Estimating the abundance of the critically endangered Baltic Proper harbour porpoise (Phocoena phocoena) population using passive acoustic monitoring

Knowing the abundance of a population is a crucial component to assess its conservation status and develop effective conservation plans. For most cetaceans, abundance estimation is difficult given their cryptic and mobile nature, especially when the population is small and has a transnational distribution. In the Baltic Sea, the number of harbour porpoises (Phocoena phocoena) has collapsed since the mid‐20th century and the Baltic Proper harbour porpoise is listed as Critically Endangered by the IUCN and HELCOM; however, its abundance remains unknown. Here, one of the largest ever passive acoustic monitoring studies was carried out by eight Baltic Sea nations to estimate the abundance of the Baltic Proper harbour porpoise for the first time. By logging porpoise echolocation signals at 298 stations during May 2011–April 2013, calibrating the loggers’ spatial detection performance at sea, and measuring the click rate of tagged individuals, we estimated an abundance of 71–1105 individuals (95% CI, point estimate 491) during May–October within the population''s proposed management border. The small abundance estimate strongly supports that the Baltic Proper harbour porpoise is facing an extremely high risk of extinction, and highlights the need for immediate and efficient conservation actions through international cooperation. It also provides a starting point in monitoring the trend of the population abundance to evaluate the effectiveness of management measures and determine its interactions with the larger neighboring Belt Sea population. Further, we offer evidence that design‐based passive acoustic monitoring can generate reliable estimates of the abundance of rare and cryptic animal populations across large spatial scales.     

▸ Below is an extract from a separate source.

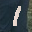
Label: 1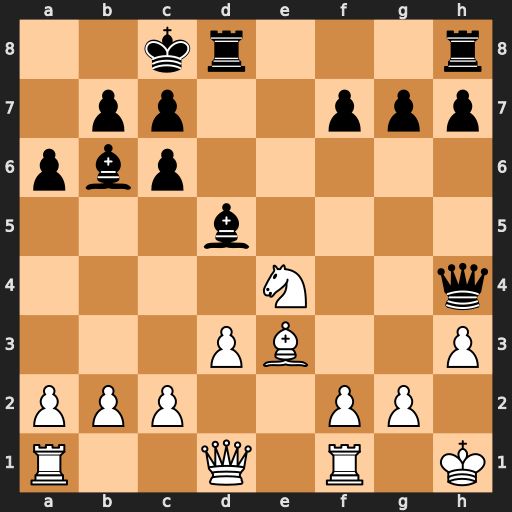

Mitochondrial Control Region and microsatellite analyses on harbour porpoise (Phocoena phocoena) unravel population differentiation in the Baltic Sea and adjacent waters

The population status of the harbour porpoise (Phocoena phocoena) in the Baltic area has been a continuous matter of debate. Here we present the by far most comprehensive genetic population structure assessment to date for this region, both with regard to geographic coverage and sample size: 497 porpoise samples from North Sea, Skagerrak, Kattegat, Belt Sea, and Inner Baltic Sea were sequenced at the mitochondrial Control Region and 305 of these specimens were typed at 15 polymorphic microsatellite loci. Samples were stratified according to sample type (stranding vs. by-caught), sex, and season (breeding vs. non-breeding season). Our data provide ample evidence for a population split between the Skagerrak and the Belt Sea, with a transition zone in the Kattegat area. Among other measures, this was particularly visible in significant frequency shifts of the most abundant mitochondrial haplotypes. A particular haplotype almost absent in the North Sea was the most abundant in Belt Sea and Inner Baltic Sea. Microsatellites yielded a similar pattern (i.e., turnover in occurrence of clusters identified by STRUCTURE). Moreover, a highly significant association between microsatellite assignment and unlinked mitochondrial haplotypes further indicates a split between North Sea and Baltic porpoises. For the Inner Baltic Sea, we consistently recovered a small, but significant separation from the Belt Sea population. Despite recent arguments that separation should exceed a predefined threshold before populations shall be managed separately, we argue in favour of precautionary acknowledging the Inner Baltic porpoises as a separate management unit, which should receive particular attention, as it is threatened by various factors, in particular local fishery measures.